What strikes me is the way how

2021-06-09T05:51:43.1632026Z Cache restored successfully
2021-06-09T05:51:43.1746121Z Cache restored from key: linux-php-7.2.34-21+ubuntu18.04.1+deb.sury.org+1-locked-bac6c14ffff580a04a4fea1394e68aa862bb682755fbc9d2277682591500a408-

happens just before the error, and how that is interleaved with the actual Composer run.

So, my suspicion is that some async operations go wrong here, so that the cache is restored while Composer is already running. Maybe that does not make much of a difference for dist files, but might be enough to make git stumble when it runs on a partly-restored repo?

I should also add that I have some concurrent workflows that run this action here at about the same time. But to my knowledge, different workflows run in isolated environments. So I would rule out any kind of cross-workflow race conditions.

I am sure this is the race condition as I initially described. Here is the log output of another run that worked:

PHP version is 7.2.34-21+ubuntu18.04.1+deb.sury.org+1
Operating system is linux
Cache primary key is linux-php-7.2.34-21+ubuntu18.04.1+deb.sury.org+1-locked-bac6c14ffff580a04a4fea1394e68aa862bb682755fbc9d2277682591500a408-
Cache restore keys are: linux-php-7.2.34-21+ubuntu18.04.1+deb.sury.org+1-locked-bac6c14ffff580a04a4fea1394e68aa862bb682755fbc9d2277682591500a408-, linux-php-7.2.34-21+ubuntu18.04.1+deb.sury.org+1-locked-
/usr/local/bin/composer install --no-interaction --no-progress --ansi
Installing dependencies from lock file (including require-dev)
Verifying lock file contents can be installed on current platform.
Received 49209747 of 49209747 (100.0%), 123.8 MBs/sec
Cache Size: ~47 MB (49209747 B)
/bin/tar --use-compress-program zstd -d -xf /home/runner/work/_temp/bba28022-b2f5-403f-9ceb-305964208faf/cache.tzst -P -C /home/runner/work/REPO/REPO
Cache restored successfully
Cache restored from key: linux-php-7.2.34-21+ubuntu18.04.1+deb.sury.org+1-locked-bac6c14ffff580a04a4fea1394e68aa862bb682755fbc9d2277682591500a408-
Package operations: 186 installs, 0 updates, 0 removals
  - Syncing webfactory/wfdynamic (3.1.0) into cache

You can see that /usr/local/bin/composer install --no-interaction --no-progress --ansi comes before Cache restored successfully, but this time, the cache was quick enough to be restored before Composer did any git clone operations.
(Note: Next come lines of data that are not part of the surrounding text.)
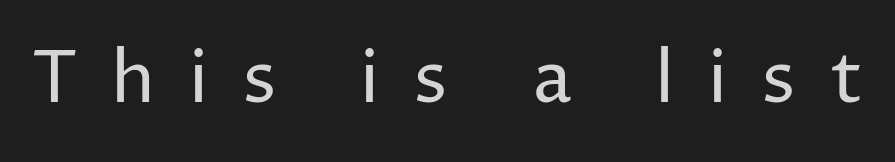
Q: Is the text bold? A: No.
Q: Is the text italic (slanted)? A: No, it is upright.
Q: Is the typeface a serif or a sans-serif typeface? A: Sans-serif.
Q: Is the text underlined? A: No.
Q: Is the spacing between letters normal or unusually wide? A: Unusually wide.
Q: Width (condensed, normal, or wide)? A: Normal.
Q: Stroke contrast? A: Low.
Q: x-height? A: Medium.
Q: Monospaced? A: No.
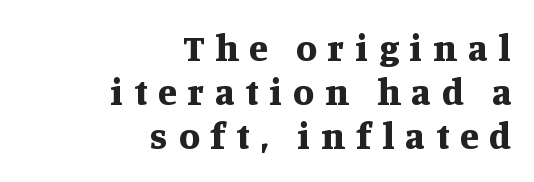
The image shows 38 px bold serif type, upright; set right-aligned, line spacing 1.16x, unusually wide letter spacing (+0.29 em), not underlined; medium stroke contrast and a large x-height.

I have no experience with TypeScript or asynchronous programming in JavaScript.

That being said, here is the code from https://github.com/actions/cache that you require() in src/cache/factory.ts:

https://github.com/actions/cache/blob/0638051e9af2c23d10bb70fa9beffcad6cff9ce3/src/restore.ts#L69-L71

The run() call seems to trigger the actual cache restore code; but since that is async, it might take a while to complete. Does run() return a promise in this case, but that promise is never exported from the module?

If that is the case, what does this code here

return async () => await require('cache/dist/restore.js')
wait for?

I have no experience with TypeScript or asynchronous programming in JavaScript.

My experience is also limited, but I think calling attention to the fact that there's absolutely asynchronous operations going on here points to a likely smoking gun.

In the code you pointed out, I thought the await told it to wait, but that does seem in conflict with the async keyword. I'll check with some folks who know more about how JS works so I can get this to be more synchronous.

Thanks!

Awesome. IMHO the run() in the restore.js file from actions/Core looks suspicious, since it seems to return a promise that we never get hold of.

That might be very difficult to fix, since it would require tweaking upstream code.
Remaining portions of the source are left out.